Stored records
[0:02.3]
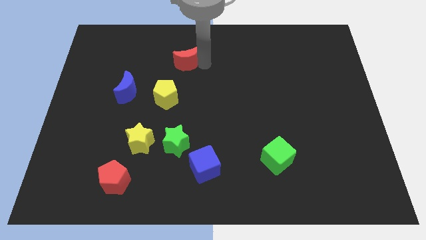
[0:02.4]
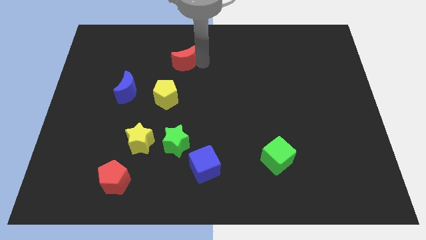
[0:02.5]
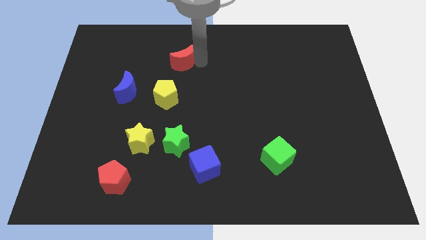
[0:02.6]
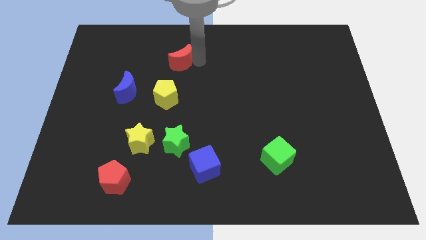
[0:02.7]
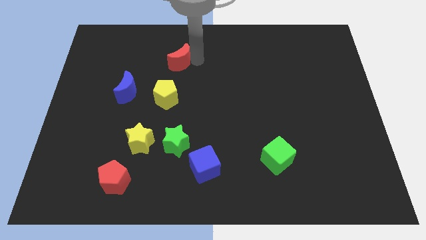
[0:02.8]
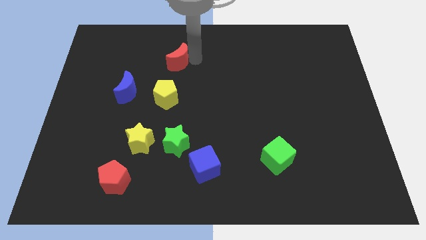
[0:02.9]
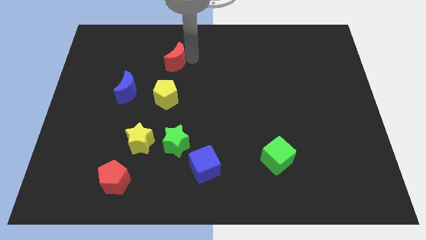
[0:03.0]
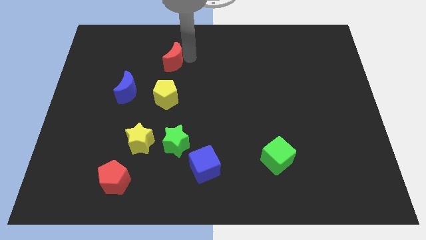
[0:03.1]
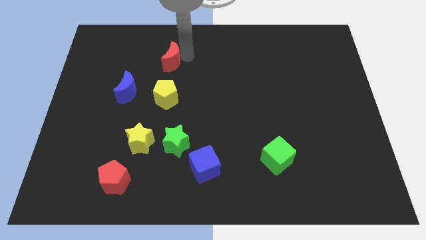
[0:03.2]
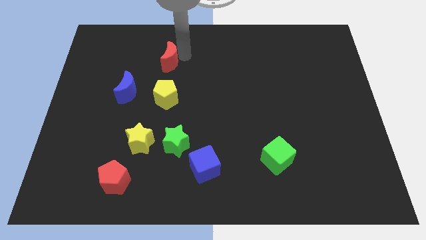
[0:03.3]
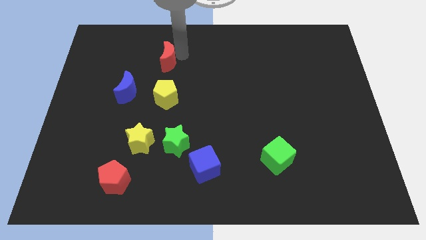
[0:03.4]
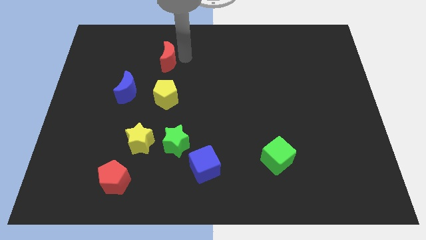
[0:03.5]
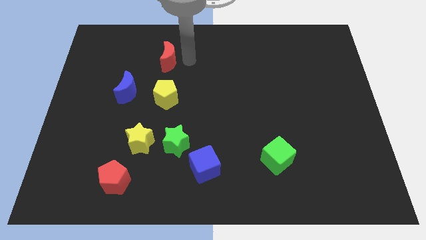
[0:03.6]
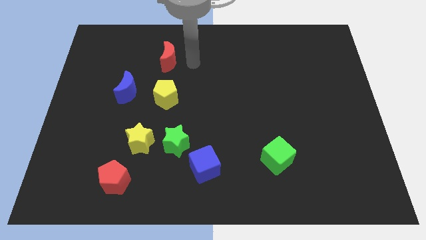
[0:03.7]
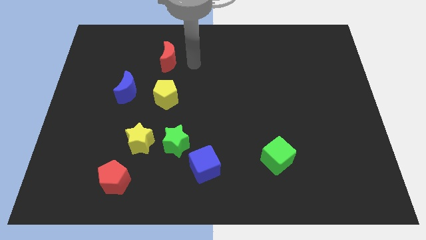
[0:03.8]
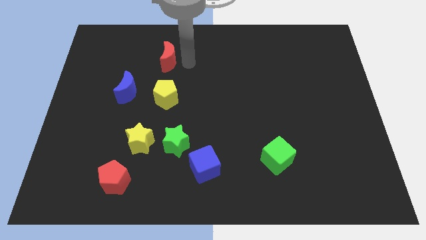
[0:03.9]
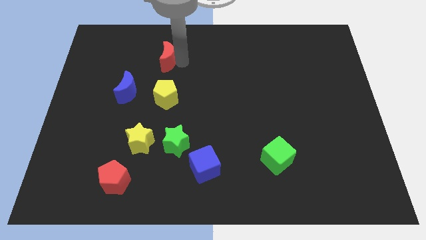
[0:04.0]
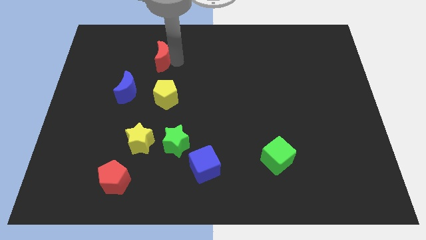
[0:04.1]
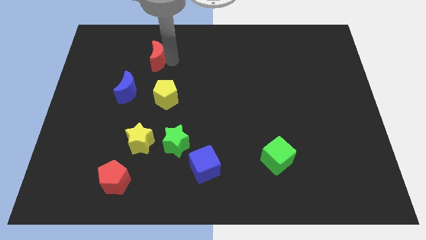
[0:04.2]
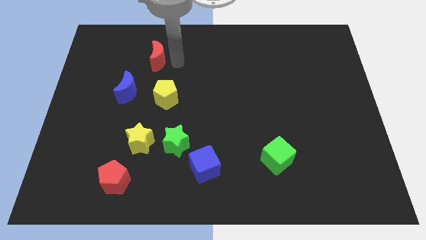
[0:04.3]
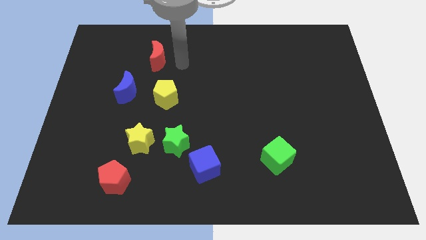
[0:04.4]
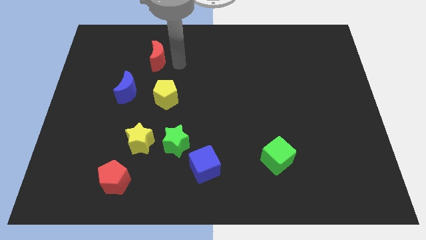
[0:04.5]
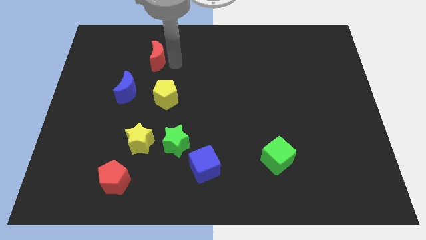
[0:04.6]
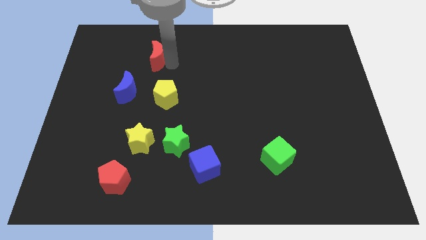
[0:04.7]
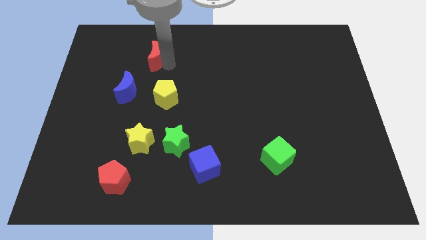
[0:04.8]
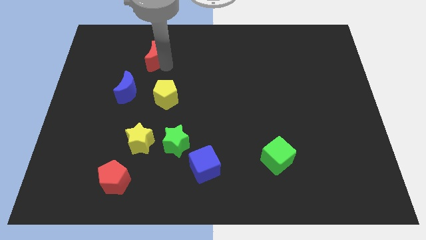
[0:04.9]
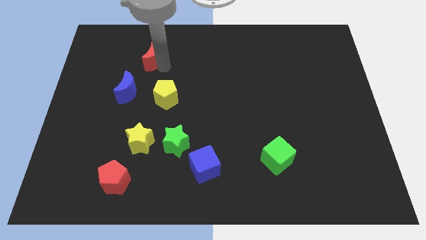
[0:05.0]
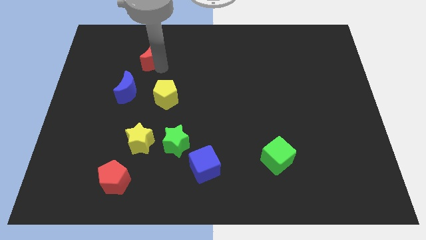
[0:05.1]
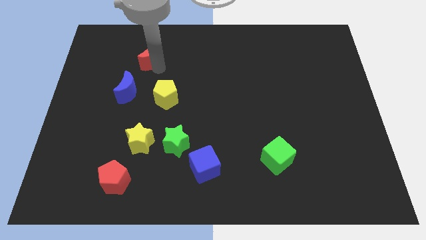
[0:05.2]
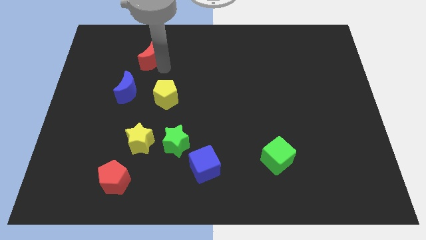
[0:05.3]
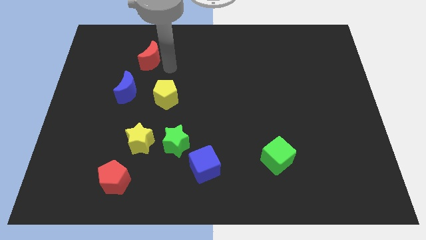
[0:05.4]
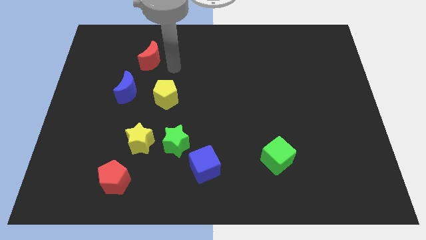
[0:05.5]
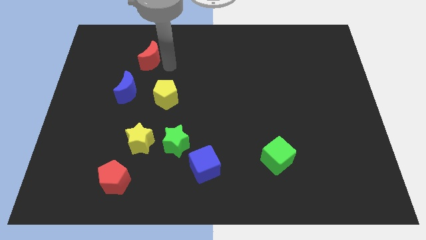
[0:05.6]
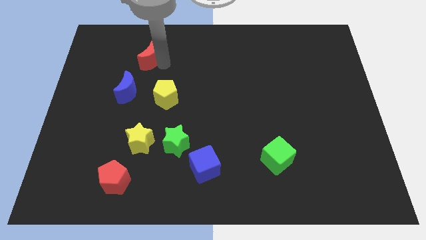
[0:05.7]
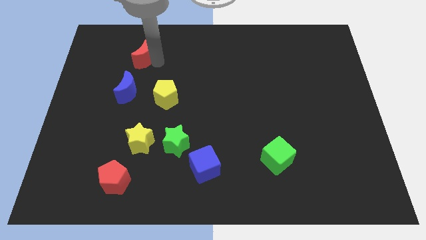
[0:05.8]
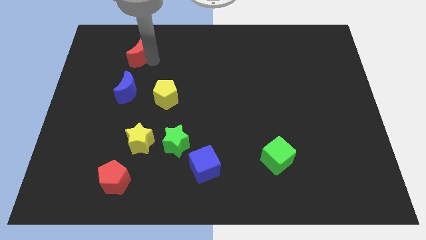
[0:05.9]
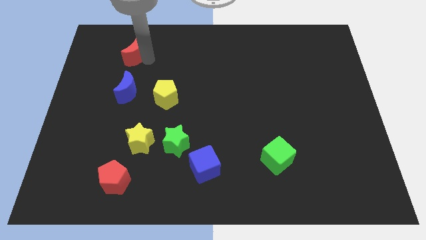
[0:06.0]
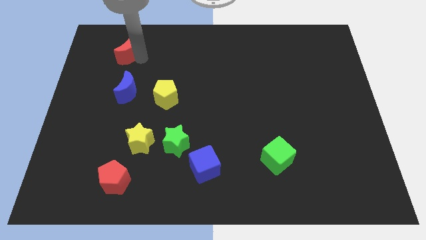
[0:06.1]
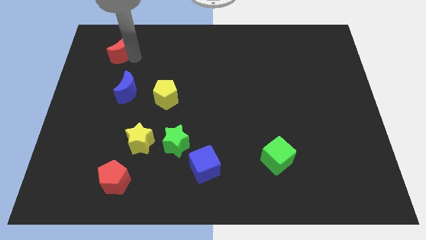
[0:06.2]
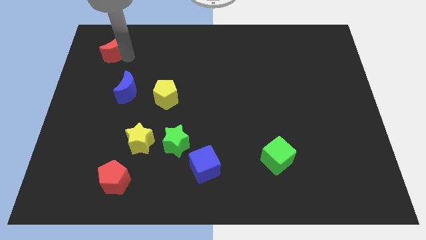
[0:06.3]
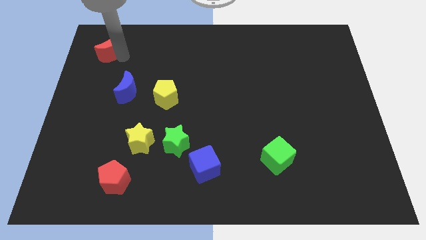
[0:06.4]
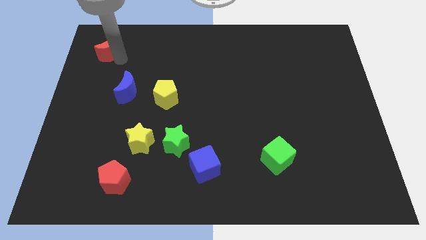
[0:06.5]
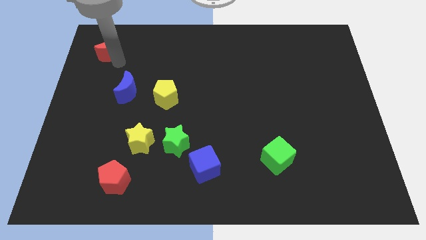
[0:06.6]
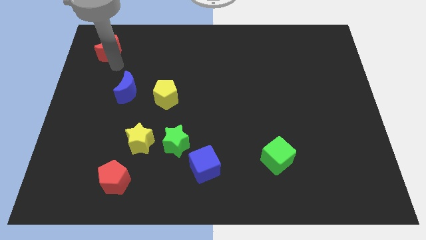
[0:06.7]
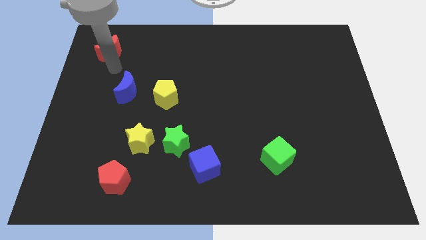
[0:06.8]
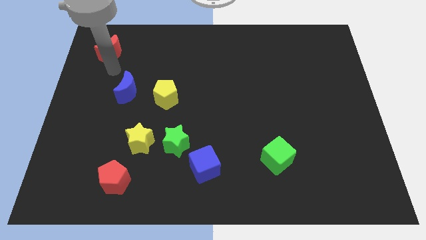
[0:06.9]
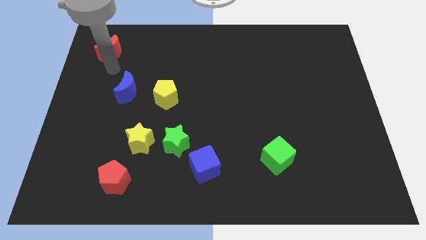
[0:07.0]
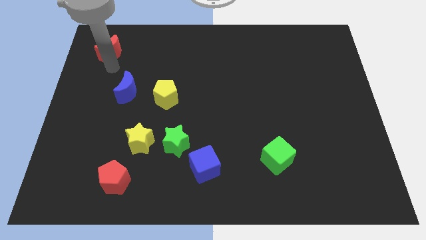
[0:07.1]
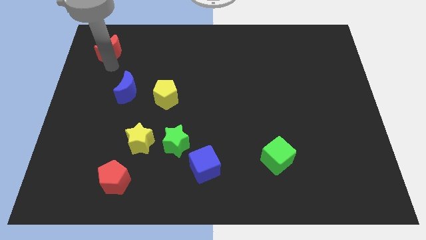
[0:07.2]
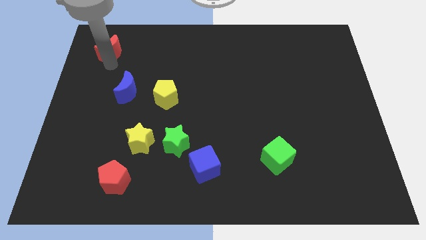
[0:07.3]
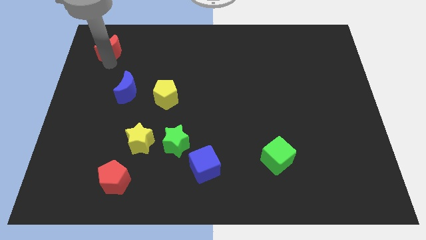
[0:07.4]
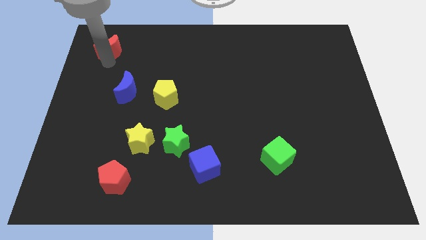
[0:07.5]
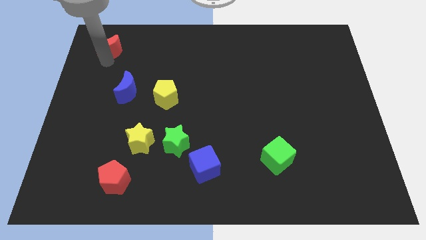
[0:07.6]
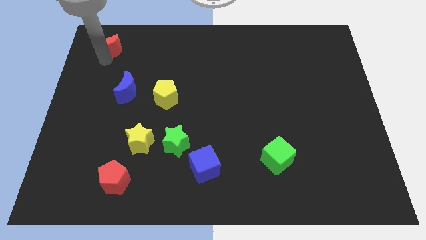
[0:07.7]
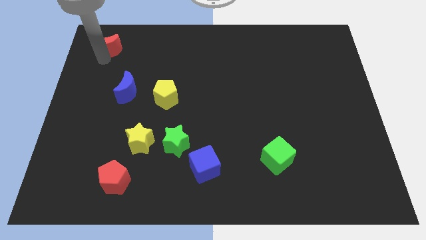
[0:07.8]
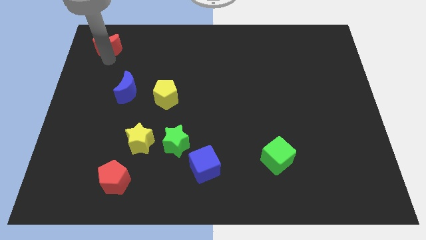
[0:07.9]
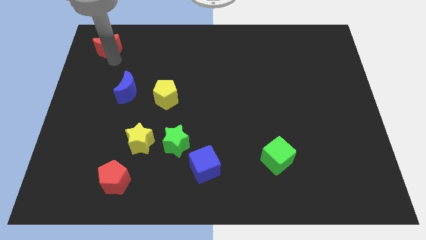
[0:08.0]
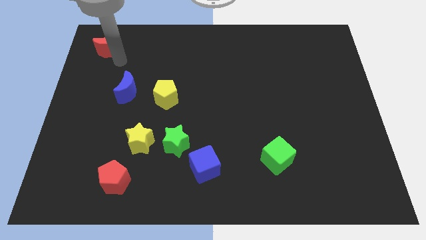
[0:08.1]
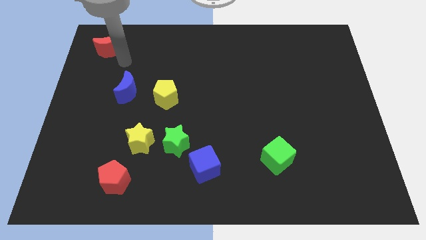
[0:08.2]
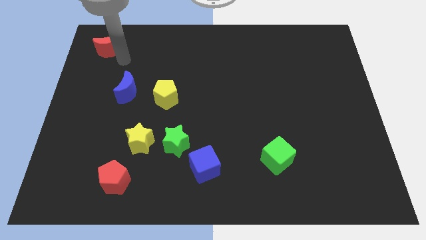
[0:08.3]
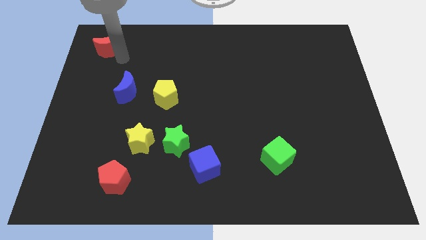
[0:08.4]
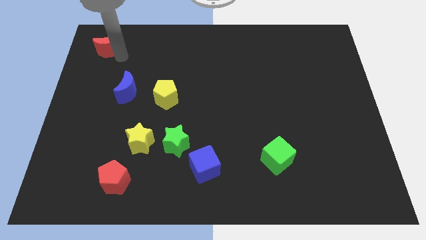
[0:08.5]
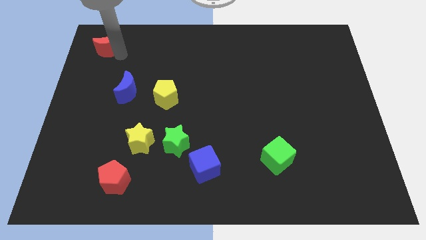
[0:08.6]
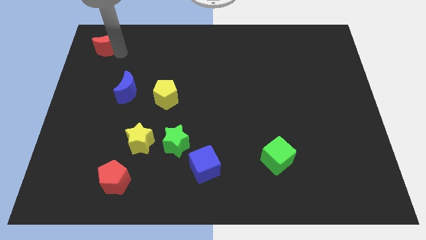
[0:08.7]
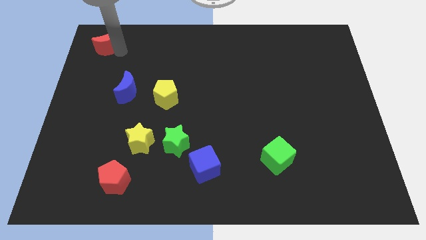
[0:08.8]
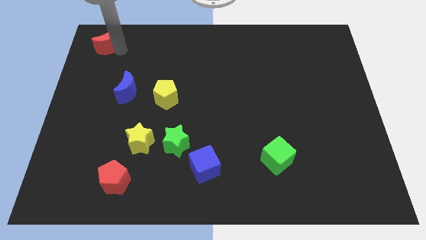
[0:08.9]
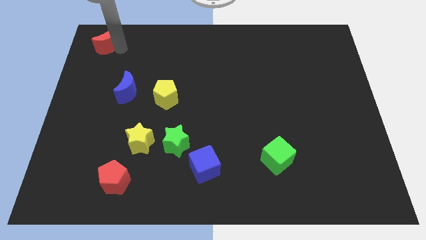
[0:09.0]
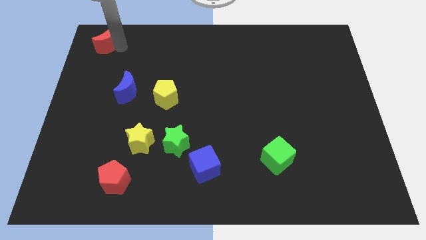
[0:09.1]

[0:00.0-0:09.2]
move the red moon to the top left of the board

- [TASK TO COMPLETE]: Excluding images, return all of the records above word for word.

- [RESPONSE BELOW]:
[0:02.3]
[0:02.4]
[0:02.5]
[0:02.6]
[0:02.7]
[0:02.8]
[0:02.9]
[0:03.0]
[0:03.1]
[0:03.2]
[0:03.3]
[0:03.4]
[0:03.5]
[0:03.6]
[0:03.7]
[0:03.8]
[0:03.9]
[0:04.0]
[0:04.1]
[0:04.2]
[0:04.3]
[0:04.4]
[0:04.5]
[0:04.6]
[0:04.7]
[0:04.8]
[0:04.9]
[0:05.0]
[0:05.1]
[0:05.2]
[0:05.3]
[0:05.4]
[0:05.5]
[0:05.6]
[0:05.7]
[0:05.8]
[0:05.9]
[0:06.0]
[0:06.1]
[0:06.2]
[0:06.3]
[0:06.4]
[0:06.5]
[0:06.6]
[0:06.7]
[0:06.8]
[0:06.9]
[0:07.0]
[0:07.1]
[0:07.2]
[0:07.3]
[0:07.4]
[0:07.5]
[0:07.6]
[0:07.7]
[0:07.8]
[0:07.9]
[0:08.0]
[0:08.1]
[0:08.2]
[0:08.3]
[0:08.4]
[0:08.5]
[0:08.6]
[0:08.7]
[0:08.8]
[0:08.9]
[0:09.0]
[0:09.1]

[0:00.0-0:09.2]
move the red moon to the top left of the board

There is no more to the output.